The boron-containing compound is not limited as long as it has at least one boron (B) in the molecule, and can be selected from, for example, a boron-based compound. Specific examples of the boron-containing compound include H ₃ BO ₃ , B ₂ H ₆ , B ₄ H ₁₀ , B ₅ H ₉ , B ₆ H ₁₀ , BI ₃ , NaBO ₂ , NaBH ₄ , Na ₂ B ₄ O ₇ And hydrates thereof, and the like. Specifically, the hydrate may be NaBO ₄ H ₂ O (meta-borate hydrate), NaBH ₄揃 4H ₂ O (boro-hydrate), or Na ₂ B ₄ O ₇揃 10H ₂ O (borax, tetra-borate hydrate) For example.

The boron component is not particularly limited, but may be used in an amount of, for example, 0.01 to 20 parts by weight based on 100 parts by weight of the separated carbon component. At this time, if the boron component is less than 0.01 part by weight, the effect of improving the hollow structure may be insignificant. If the boron component exceeds 20 parts by weight, the synergistic effect with excess use is not so large, which may be undesirable from the viewpoint of production cost. Considering this point, the boron component is preferably used in an amount of 0.04 to 10 parts by weight based on 100 parts by weight of the separated carbon component.

As described above, after the separated carbon component and the boron component are mixed, the heat treatment is performed. By this heat treatment, the ash component remaining in the carbon concentrate containing the separated carbon component, that is, the fullerene in a high content is removed. Further, by the heat treatment, the boron component is removed and removed, and the hollow structure of the fullerene is improved to the maximum. That is, through the high-temperature heat treatment, the fullerene has a high purity due to the removal of the ash component while maximizing the hollow structure (coplanarity) by removing the boron component, and thus has excellent electrical characteristics. More specifically, the resistance is lowered by high purity and has excellent electric conductivity. In addition, the hollow structure (coplanarity) is maximized and has a high specific surface area, which improves capacity and energy density when applied to an electrode of an electrochemical device.

The heat treatment temperature is not limited as long as it can remove the ash component and the boron component. The heat treatment temperature may vary depending on the type of natural minerals and boron components, but is preferably 850 ° C or higher for good electrical conductivity. More specifically, the heat treatment temperature is 850 ~ 3,000 ℃ is good. At this time, when the heat treatment temperature is lower than 850 ° C, it may be difficult to effectively remove the ash component and the boron component. If the heat treatment temperature exceeds 3,000 DEG C, the fullerene structure may be destroyed and there is a fear of graphitization. In consideration of electric conductivity, 1,200 DEG C or more is preferable, and more preferable is 2,800 DEG C or more. More specifically, the heat treatment is preferably carried out at a temperature of 2,800 to 3,000 ° C.

The heat treatment may be performed in an inert atmosphere such as, but not limited to, nitrogen (N ₂ ), argon (Ar), and helium (He) gas. The heat treatment time may vary depending on the heat treatment temperature, but can be, for example, 10 minutes to 72 hours.

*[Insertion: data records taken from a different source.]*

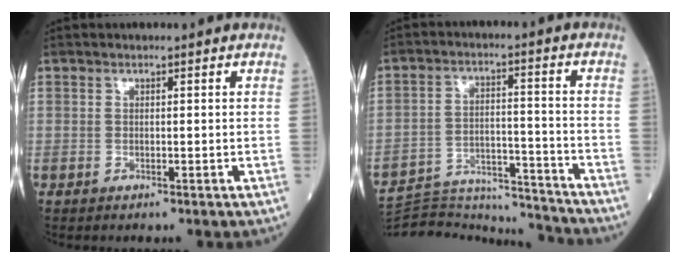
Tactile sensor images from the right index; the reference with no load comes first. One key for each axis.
{"total": 19.4, "fx": -19.0, "fy": 1.6, "fz": 3.6, "tx": -0.090, "ty": 0.012, "tz": -0.280}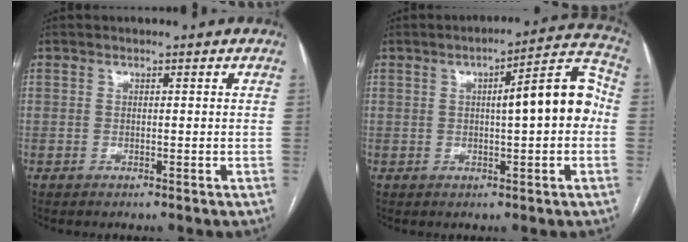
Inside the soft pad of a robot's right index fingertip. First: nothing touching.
{"total": 10.1, "force": [0.4, 1.8, 9.9], "torque": [-0.128, 0.035, 0.003]}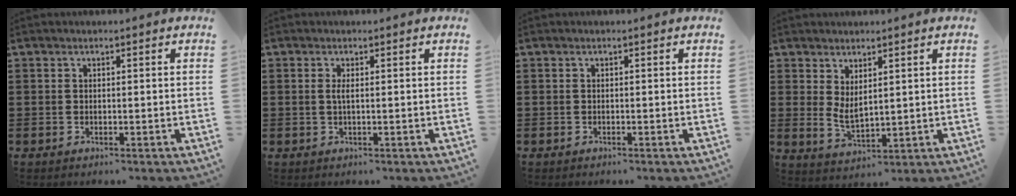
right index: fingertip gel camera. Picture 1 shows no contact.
{"total": 1.3, "force": [0.0, 0.1, 1.2], "torque": [-0.025, -0.001, 0.000]}
{"total": 0.0}
{"total": 2.9, "force": [1.6, 1.1, 2.2], "torque": [-0.052, -0.005, 0.028]}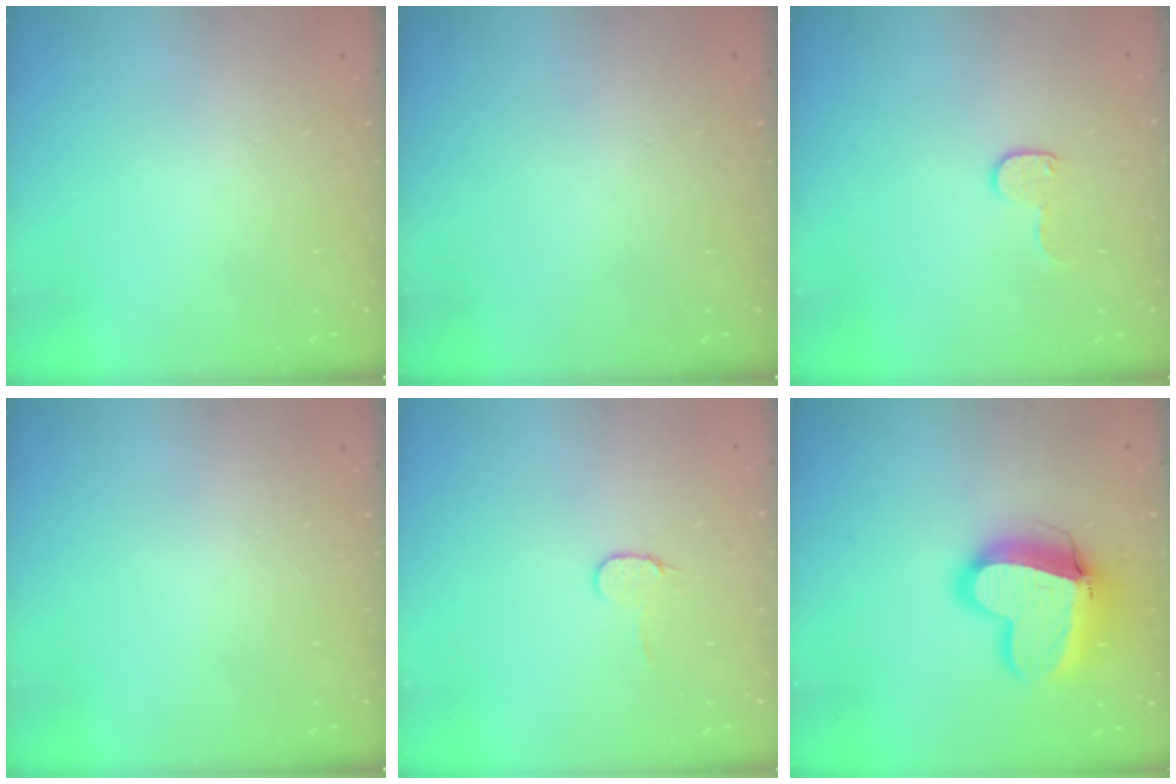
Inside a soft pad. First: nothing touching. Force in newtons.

According to an exemplary aspect of the present invention, the grinding process can be further performed after the above heat treatment is performed. That is, the third step includes at least a heat treatment step, and may optionally further include a grinding step.

The pulverizing step is not limited as far as the fullerene particles can be finely pulverized. For example, the pulverizing step may be carried out so as to have fine particles of 20 mu m or less. As a specific example, the fullerene particles may have an average particle size of less than 10 mu m through a grinding process, more specifically from 1 nm (nanometer) to 3 mu m. The pulverization method is not limited. The pulverization can be carried out by using a vibrating mill or an ultra-high-speed pulverizer, for example, which can be made into fine particles.

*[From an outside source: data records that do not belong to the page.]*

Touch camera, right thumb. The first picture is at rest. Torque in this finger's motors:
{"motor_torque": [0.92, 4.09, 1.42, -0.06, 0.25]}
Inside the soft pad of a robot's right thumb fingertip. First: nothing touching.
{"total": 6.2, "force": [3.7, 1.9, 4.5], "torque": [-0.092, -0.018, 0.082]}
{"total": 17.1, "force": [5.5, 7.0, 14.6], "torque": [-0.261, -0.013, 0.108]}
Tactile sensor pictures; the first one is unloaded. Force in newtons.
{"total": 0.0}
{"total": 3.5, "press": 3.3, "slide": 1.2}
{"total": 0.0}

As described above, according to the present invention, fullerene is extracted and produced from natural minerals (e.g., gut minerals), and has a high purity with a high extraction ratio and few impurities such as ash components. In addition, it has a high specific surface area by securing a hollow structure as much as possible. As a result, when used as an electrode material, it has excellent electrical characteristics.

More specifically, the fullerene prepared according to the present invention has a high purity as the ash component is, for example, 1% by weight or less. Also, the porosity has a high pore structure of 50% or more, preferably 70% or more. And the carbon extraction rate, that is, the extraction rate of fullerene is, for example, 90% or more, and has a high extraction ratio. In the present invention, the carbon extraction rate is the amount of the carbon component after extraction relative to the carbon component contained in the initial natural mineral, according to the following equation.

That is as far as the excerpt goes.